Kinderbett Test – diese 2 Betten wurden mit sehr gut und gut getestet

Ökotest hat Kinderbetten auf Sicherheit, Schadstoffe und Verarbeitungsmängel geprüft. Nur zwei Betten wurden von den Testern empfohlen, sie haben die Note sehr gut oder gut bekommen.

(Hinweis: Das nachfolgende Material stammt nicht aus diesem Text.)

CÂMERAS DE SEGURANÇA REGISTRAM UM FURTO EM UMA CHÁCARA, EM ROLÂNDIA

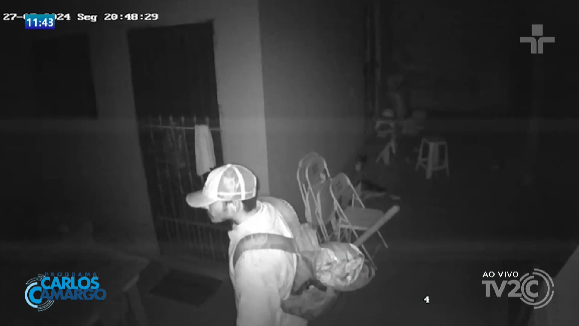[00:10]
O indivíduo que aparece nas imagens levou diversos objetos do local. Olha só a cara de pau desse sem vergonha. Ele levou roçadeira, levou furador de solo, levou máquina de solda, motosserra elétrica, levou bicicleta, levou vários outros itens, grandes e menores também. Materiais que não dava para o cara levar apenas e tão somente na mão, na unha, colocar no ombro e carregar.
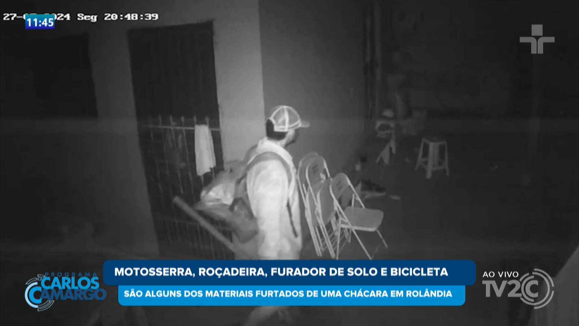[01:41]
E o homem que aparece nas imagens levou vários objetos, entre eles, até uma roçadeira a gasolina, um furador de solo a gasolina, uma máquina de solda Wunder, uma motosserra elétrica, bicicleta,
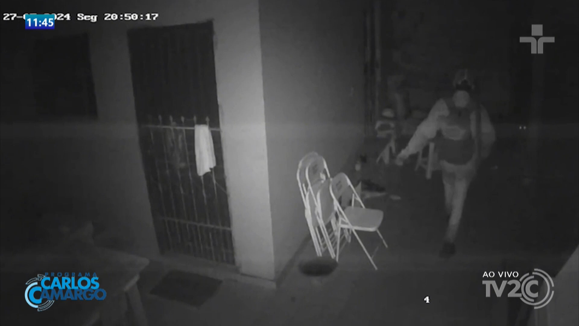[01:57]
além de outros itens pequenos e até mesmo, olha só, uma geladeira.
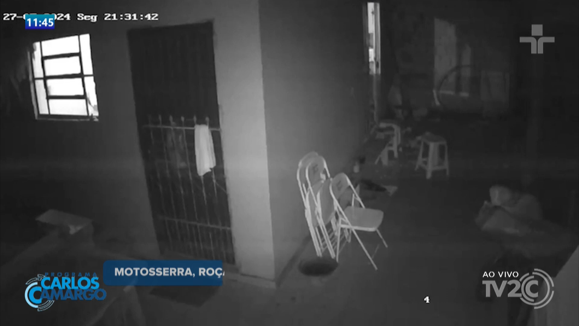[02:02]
Portanto, esse homem poderia estar aí com um veículo nas proximidades, uma caminhonete, ou seja, um veículo que pudesse levar todos esses objetos e até mesmo uma geladeira desta chácara em Rolândia. Se você tem informações, tem detalhes, viu a movimentação do veículo saindo com esta mudança furtada, né? Na verdade, com todos esses objetos. Diz que denúncia 181 ou 190 na delegacia mais próxima, também na cidade de Rolândia.

Testsieger ist das Kinderbett Mia Superstar, mit diesem Modell waren die Tester vollständig zufrieden.
Auch das Kinderbett von Ikea Leksvik können Sie bedenkenlos kaufen, denn es hat die Tester rundum überzeugt. Der Grund, warum es nicht für die Note sehr gut gereicht hat, war lediglich die etwas unverständliche Bedienungsanleitung ohne Teile Liste. Wer mit dem Aufbau von Ikea Möbeln kein Problem hat, wird auch damit zurechtkommen.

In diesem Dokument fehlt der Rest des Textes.